In Eastern Europe and Central Asia, media censorship has intensified in an astonishing mimicry of Russian repressive methods, especially in Belarus (down 10 at 167th), Georgia (103rd), Kyrgyzstan (120th), and Azerbaijan (down 13 at 164th). Kremlin influence has reached as far as Serbia (down seven at 98th), where pro-government media carry Russian propaganda and the authorities threaten Russian exile journalists. Russia (162nd), where Vladimir Putin was unsurprisingly reelected in 2024, continues to wage a war in Ukraine (61st) that has had a big impact on the media ecosystem and journalists’ safety.

Best and worst

Even the trio at the top of the World Press Freedom Index has contributed to the fall in the overall political indicator. Despite retaining its No. 1 position, Norway is among the countries that has suffered a fall in its political score. Ireland (8th), where politicians have subjected media outlets to judicial intimidation, has ceded its position as European Union leader to Denmark (2nd), which is followed by Sweden (3rd). 
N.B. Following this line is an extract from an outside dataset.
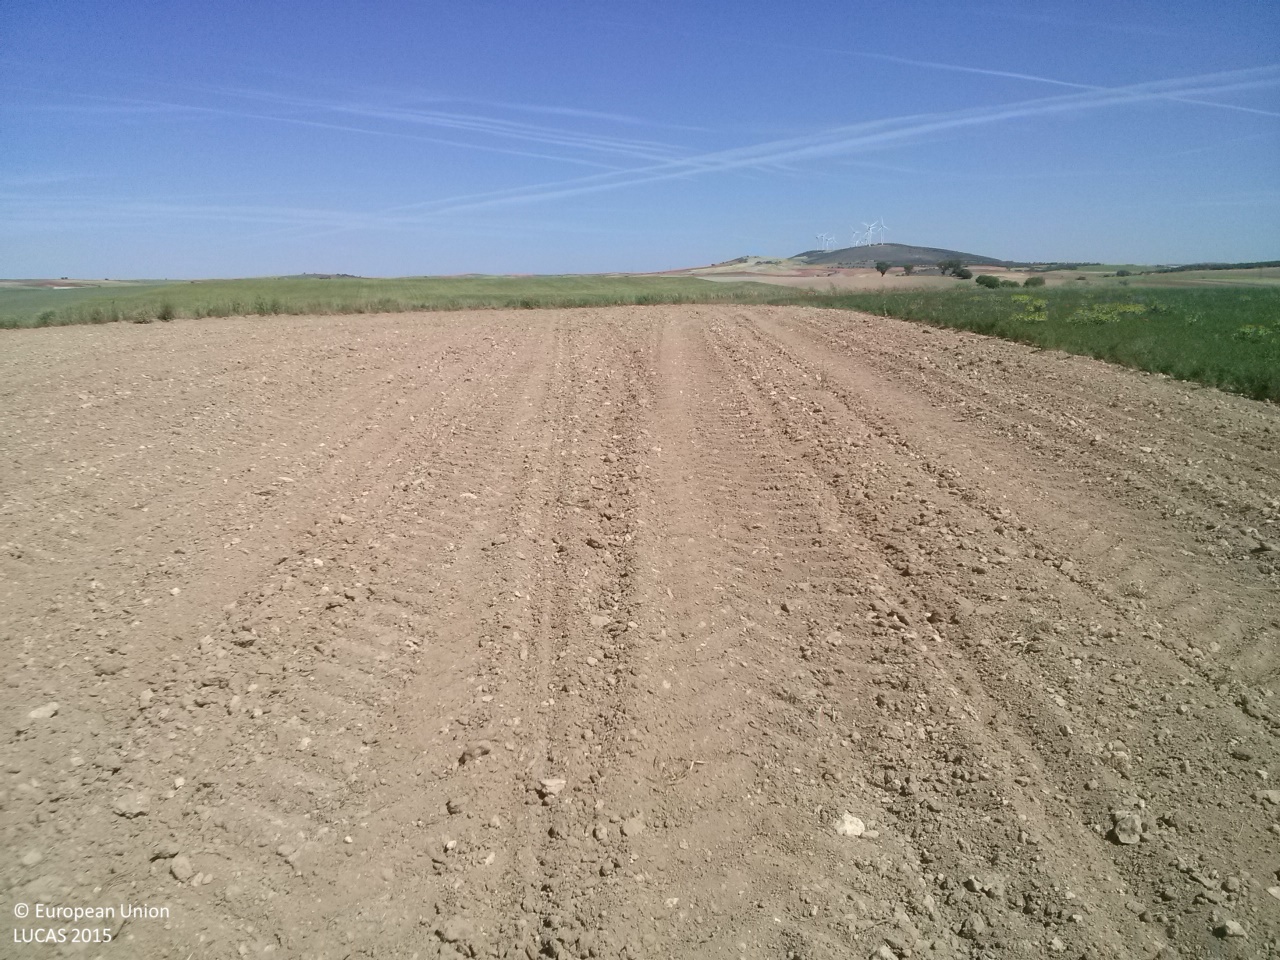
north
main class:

The three Asian countries at the bottom of last year’s Index – Vietnam, China and North Korea – have ceded their positions to three countries whose political scores have plummeted. They are Afghanistan (down 44 places in the political ranking), which has persecuted journalists incessantly since the Taliban recovered control; Syria (down eight political places); and Eritrea (down nine political places), which is now last in both political and general rankings. The last two countries are lawless zones for the media, with record numbers of journalists detained, disappeared or held hostage.

You can read the 2024 World Press Freedom Index in full, including the state of press freedom in the world’s five regions, here.

The role of the World Media Group is to champion the values of trusted international journalism and we’re proud to support RSF and the important work it does to protect the freedom of the press around the world. Today on World Press Freedom Day, we continue to call for the release of Wall Street Journalist reporter Evan Gershkovich, wrongfully detained by Russia, and support the journalists around the world who are threatened, harassed and detained for simply doing their jobs.